A walk down Ridley Road

A walk down Ridley Road


By Michael Pickard
October 1, 2021

IN FOCUS

Writer Sarah Solemani joins executive producer Nicola Shindler and director Lisa Mulcahy to tell DQ how they uncovered a little-known part of British history in four-part drama Ridley Road, in which a young woman goes undercover to combat fascism in 1960s London.

Sarah Solemani

As an actor, Sarah Solemani has starred in films including Bridget Jones’ Baby and Mrs Henderson Presents, while her television credits include Him & Her, The Wrong Mans, The Five and No Offence.

But behind the scenes, Solemani has enjoyed a writing career that has run alongside her work on stage and screen. As a member of Cambridge University’s Footlights theatrical group, she honed her craft writing and starring in its fortnightly performances before she embraced London’s theatre scene, doing plays in pubs and then at the Old Vic or Royal Court where her work would regularly be subjected to the scrutiny of a live, paying audience.

“It’s not enough that your friends and family think you’re amazing,” she tells DQ from her home in LA. “I remember writing a play and I was crying my eyes out, but it was the most incredible thing I’d ever seen in my life when I turned around and half the audience had gone. Those that hadn’t gone were asleep. I needed to figure out how to connect to an audience, and that’s how my craft has gone from theatres above pubs to now multi-million-dollar productions. It’s audience first.”

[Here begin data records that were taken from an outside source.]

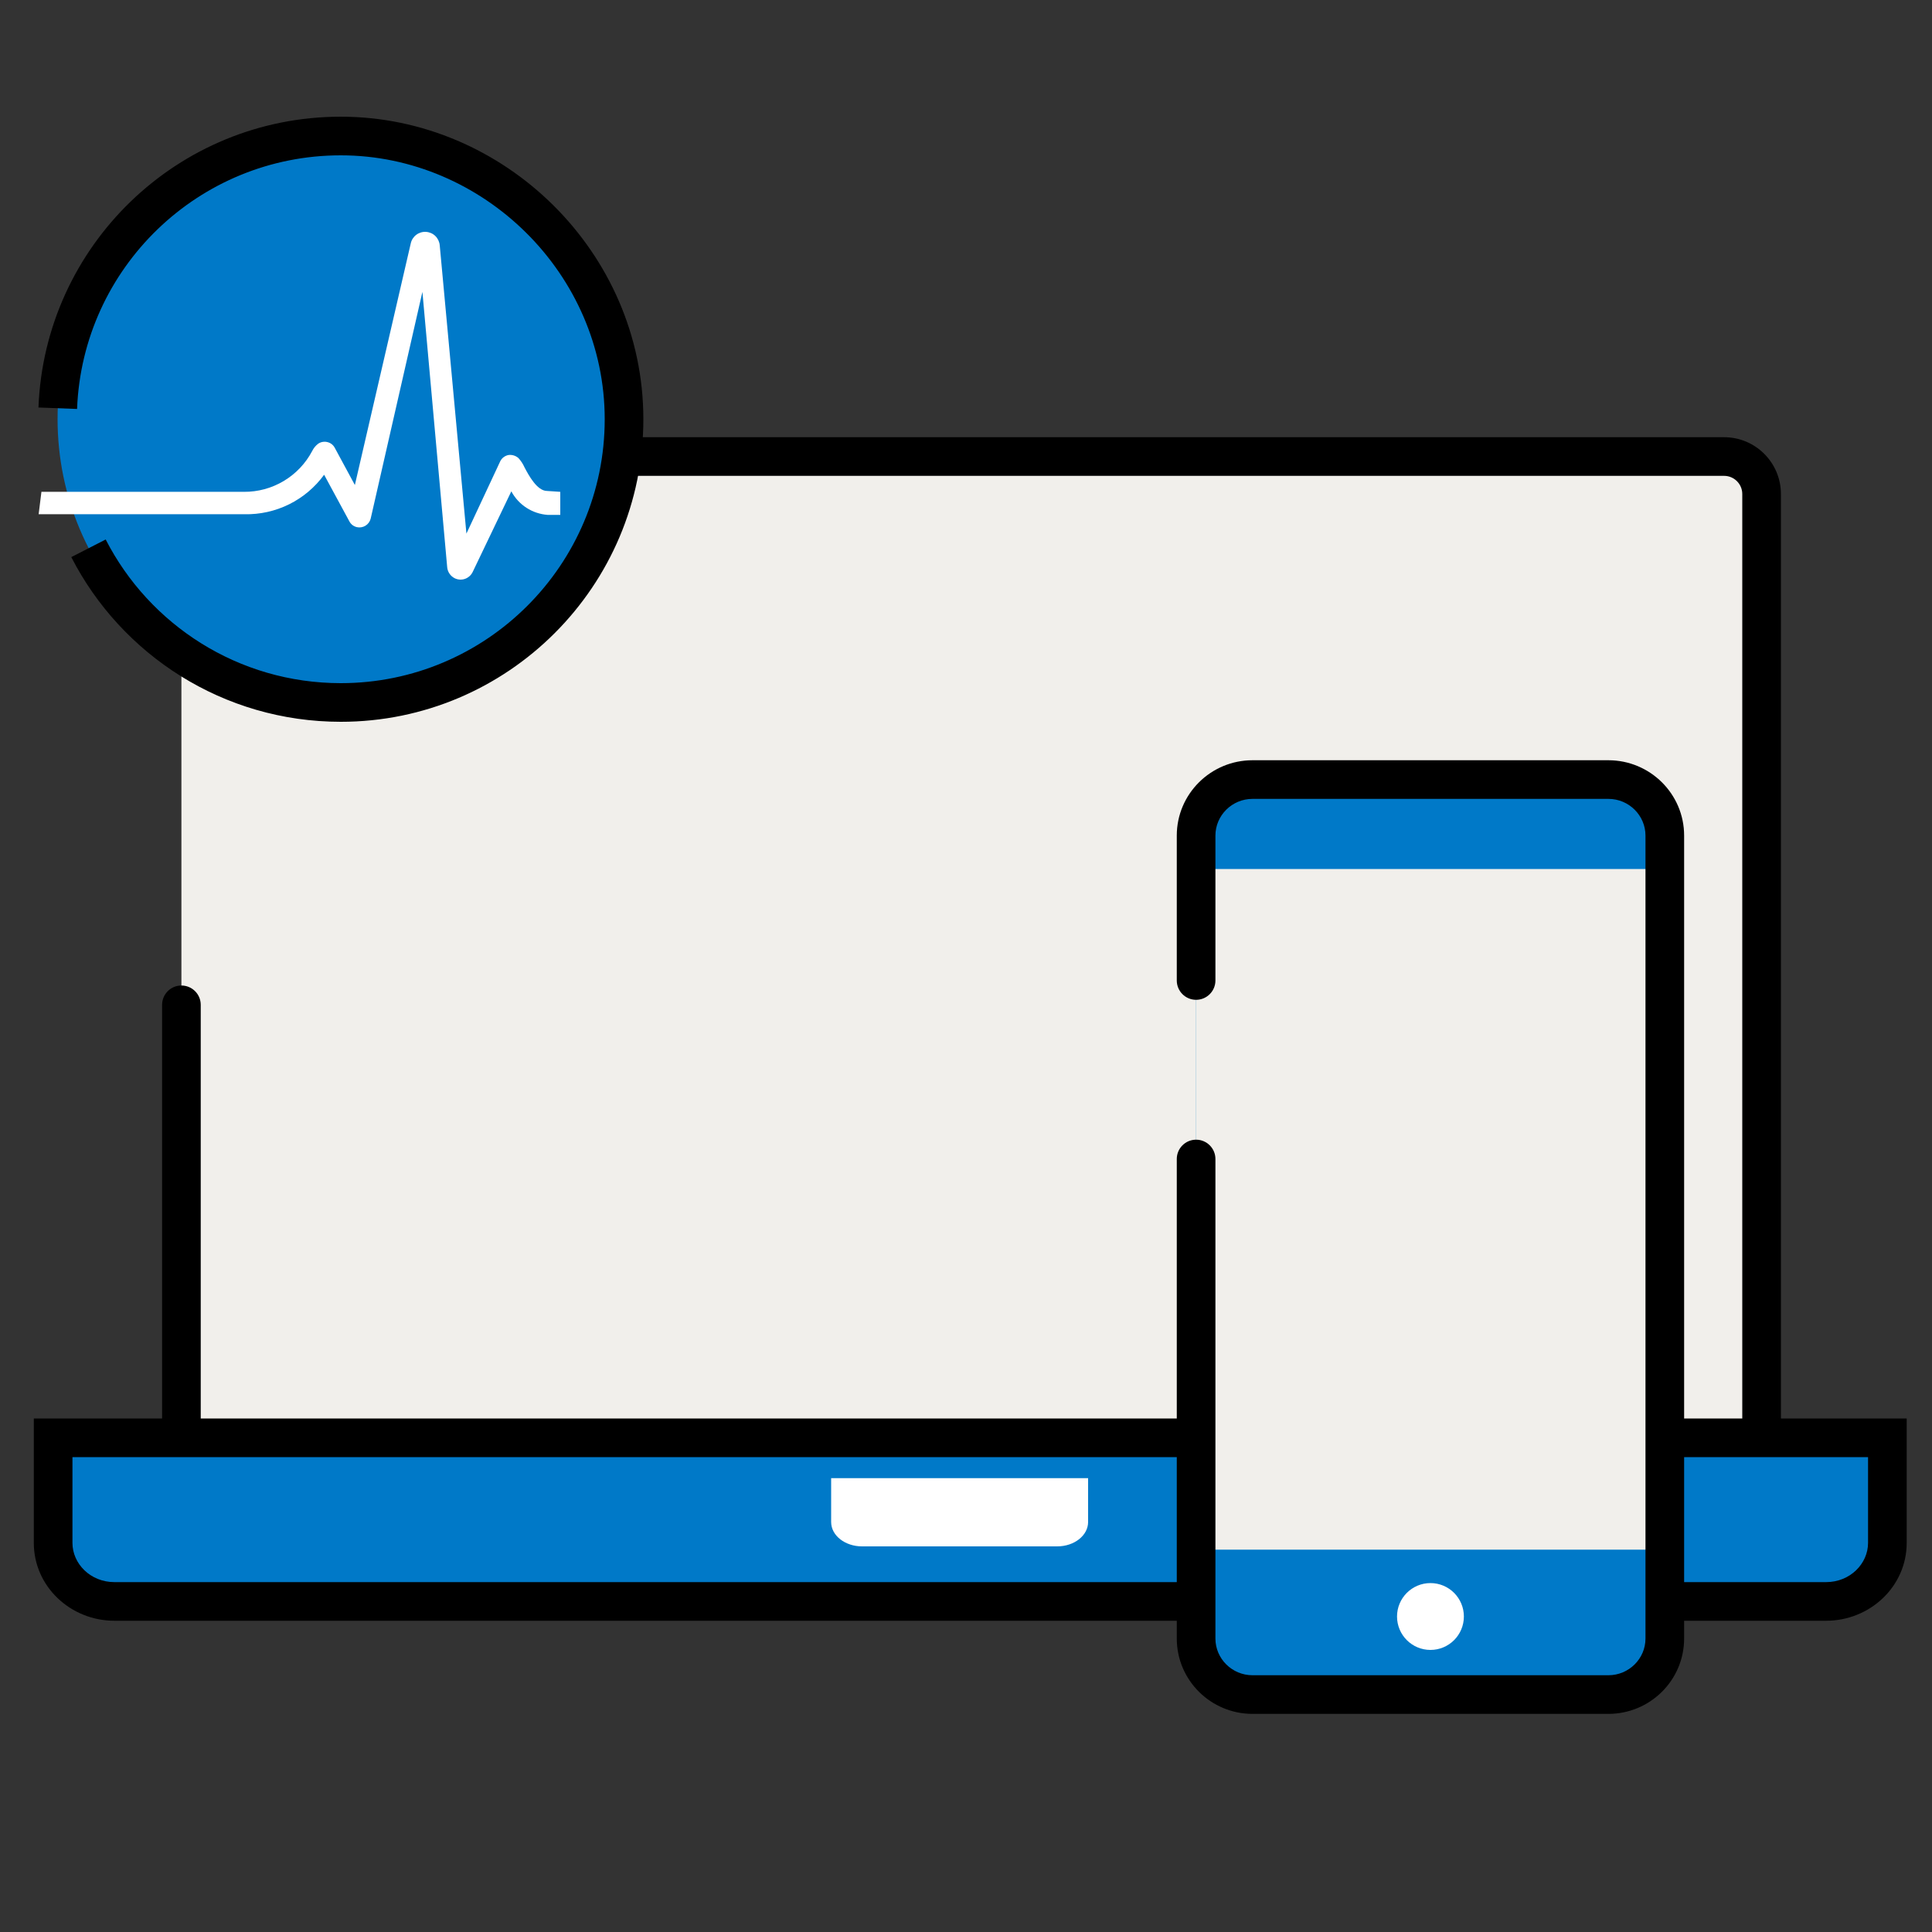 <svg width="100" height="100" viewBox="0 0 100 100" fill="none" xmlns="http://www.w3.org/2000/svg">
<rect x="0" y="0" width="100" height="100" fill="#333333" stroke="none"/>
<path d="M9.39 25.56V78.1C9.39 79.171 10.259 80.04 11.33 80.04H89.24C90.311 80.04 91.18 79.171 91.18 78.1V25.56C91.18 24.489 90.311 23.62 89.24 23.62H11.33C10.259 23.62 9.39 24.489 9.39 25.56Z" fill="#F1EFEB"/>
<path fill-rule="evenodd" clip-rule="evenodd" d="M8.39 25.57C8.39 23.948 9.708 22.63 11.33 22.63H89.24C90.862 22.63 92.18 23.948 92.18 25.57V78.11C92.18 79.732 90.862 81.05 89.24 81.05H11.33C9.708 81.05 8.39 79.732 8.39 78.11V52.01C8.39 51.458 8.838 51.01 9.39 51.01C9.942 51.01 10.39 51.458 10.39 52.01V78.11C10.39 78.628 10.812 79.05 11.33 79.05H89.24C89.758 79.05 90.18 78.628 90.18 78.11V25.57C90.18 25.052 89.758 24.63 89.24 24.63H11.33C10.812 24.63 10.39 25.052 10.39 25.57V33.08C10.39 33.632 9.942 34.08 9.39 34.08C8.838 34.08 8.39 33.632 8.39 33.08V25.57Z" fill="black"/>
<path d="M2.75 74.42V79.86C2.75 81.53 4.17 82.89 5.92 82.89H94.52C96.27 82.89 97.69 81.53 97.69 79.86V74.42H2.75Z" fill="#0079C8"/>
<path fill-rule="evenodd" clip-rule="evenodd" d="M1.75 73.42H98.69V79.86C98.69 82.124 96.78 83.89 94.52 83.89H5.92C3.66 83.89 1.75 82.124 1.75 79.86V73.42ZM3.75 75.42V79.86C3.75 80.936 4.68 81.89 5.92 81.89H94.52C95.76 81.89 96.69 80.936 96.69 79.86V75.42H3.75Z" fill="black"/>
<path d="M43.02 76.51V78.78C43.02 79.48 43.74 80.04 44.62 80.04H54.72C55.61 80.04 56.32 79.47 56.32 78.78V76.51H43.01H43.02Z" fill="white"/>
<path d="M81.14 40.36H66.94C64.162 40.36 61.91 42.612 61.91 45.39V82.69C61.91 85.468 64.162 87.72 66.94 87.72H81.14C83.918 87.72 86.17 85.468 86.17 82.69V45.39C86.17 42.612 83.918 40.36 81.14 40.36Z" fill="#0079C8"/>
<path d="M86.17 44.98H61.91V80.21H86.17V44.98Z" fill="#F1EFEB"/>
<path fill-rule="evenodd" clip-rule="evenodd" d="M64.83 41.35C63.766 41.35 62.91 42.209 62.91 43.25V50.75C62.91 51.302 62.462 51.75 61.91 51.75C61.358 51.75 60.91 51.302 60.91 50.75V43.25C60.91 41.091 62.674 39.35 64.83 39.35H83.25C85.406 39.35 87.17 41.091 87.17 43.25V84.81C87.17 86.969 85.406 88.71 83.25 88.71H64.83C62.674 88.71 60.91 86.969 60.91 84.81V59.99C60.91 59.438 61.358 58.99 61.91 58.99C62.462 58.99 62.91 59.438 62.91 59.99V84.81C62.91 85.851 63.766 86.71 64.83 86.71H83.25C84.314 86.71 85.17 85.851 85.17 84.81V43.25C85.17 42.209 84.314 41.35 83.25 41.35H64.83Z" fill="black"/>
<path d="M74.04 85.4C74.996 85.4 75.77 84.625 75.77 83.67C75.77 82.715 74.996 81.94 74.04 81.94C73.085 81.94 72.31 82.715 72.31 83.67C72.31 84.625 73.085 85.4 74.04 85.4Z" fill="white"/>
<path d="M17.64 36.35C25.736 36.35 32.3 29.787 32.3 21.69C32.3 13.594 25.736 7.03 17.64 7.03C9.543 7.03 2.98 13.594 2.98 21.69C2.98 29.787 9.543 36.35 17.64 36.35Z" fill="#0079C8"/>
<path fill-rule="evenodd" clip-rule="evenodd" d="M17.64 8.04C10.27 8.04 4.269 13.873 3.989 21.168L1.991 21.092C2.311 12.727 9.19 6.04 17.64 6.04C26.094 6.04 33.3 13.05 33.3 21.7C33.3 30.342 26.282 37.36 17.64 37.36C11.561 37.36 6.285 33.898 3.69 28.836L5.47 27.924C7.735 32.343 12.339 35.36 17.64 35.36C25.178 35.36 31.3 29.238 31.3 21.7C31.3 14.17 25.006 8.04 17.64 8.04Z" fill="black"/>
<path d="M29 25.457V26.65H28.345C27.955 26.622 27.578 26.496 27.249 26.283C26.92 26.07 26.651 25.777 26.466 25.431L24.463 29.611C24.382 29.775 24.24 29.901 24.067 29.962C23.895 30.022 23.705 30.011 23.54 29.932C23.431 29.878 23.338 29.798 23.269 29.698C23.2 29.599 23.158 29.483 23.147 29.362L21.864 15.107L19.186 26.846C19.147 26.998 19.051 27.128 18.918 27.21C18.785 27.292 18.625 27.319 18.472 27.285C18.391 27.266 18.314 27.23 18.247 27.18C18.181 27.129 18.126 27.064 18.086 26.99L16.777 24.573C16.305 25.221 15.683 25.746 14.965 26.102C14.247 26.458 13.453 26.634 12.652 26.617H2L2.144 25.457H12.619C13.347 25.464 14.062 25.27 14.687 24.896C15.311 24.523 15.822 23.985 16.161 23.341C16.234 23.191 16.342 23.061 16.476 22.962C16.544 22.917 16.622 22.886 16.703 22.873C16.784 22.859 16.867 22.863 16.947 22.883C17.028 22.902 17.103 22.938 17.169 22.989C17.235 23.04 17.288 23.104 17.327 23.178L18.368 25.104L21.261 12.598C21.3 12.419 21.402 12.261 21.548 12.152C21.694 12.042 21.874 11.989 22.056 12.002C22.238 12.015 22.41 12.092 22.539 12.221C22.668 12.35 22.747 12.521 22.761 12.703L24.142 27.619L25.897 23.866C25.939 23.784 25.999 23.714 26.073 23.659C26.147 23.605 26.232 23.568 26.322 23.551C26.414 23.54 26.506 23.548 26.594 23.575C26.682 23.602 26.764 23.648 26.833 23.708C26.963 23.85 27.069 24.011 27.147 24.187C27.37 24.612 27.802 25.412 28.319 25.412L29 25.457Z" fill="white"/>
</svg>

Solemani hopes to have found that connection with her first original series, Ridley Road. Inspired by the struggle of the 62 Group, a coalition of Jewish men who stood up against rising neo-Nazism in post-war Britain, the four-part thriller centres on Vivien (played by newcomer Agnes O’Casey), a hairdresser from a Jewish family who follows her missing boyfriend, Jack (Tom Varey), from Manchester to London in the Swinging Sixties. When she discovers he has infiltrated the far right Nationalist Socialist Movement (NSM), she decides to join him undercover and risk everything for her beliefs and for the man she loves.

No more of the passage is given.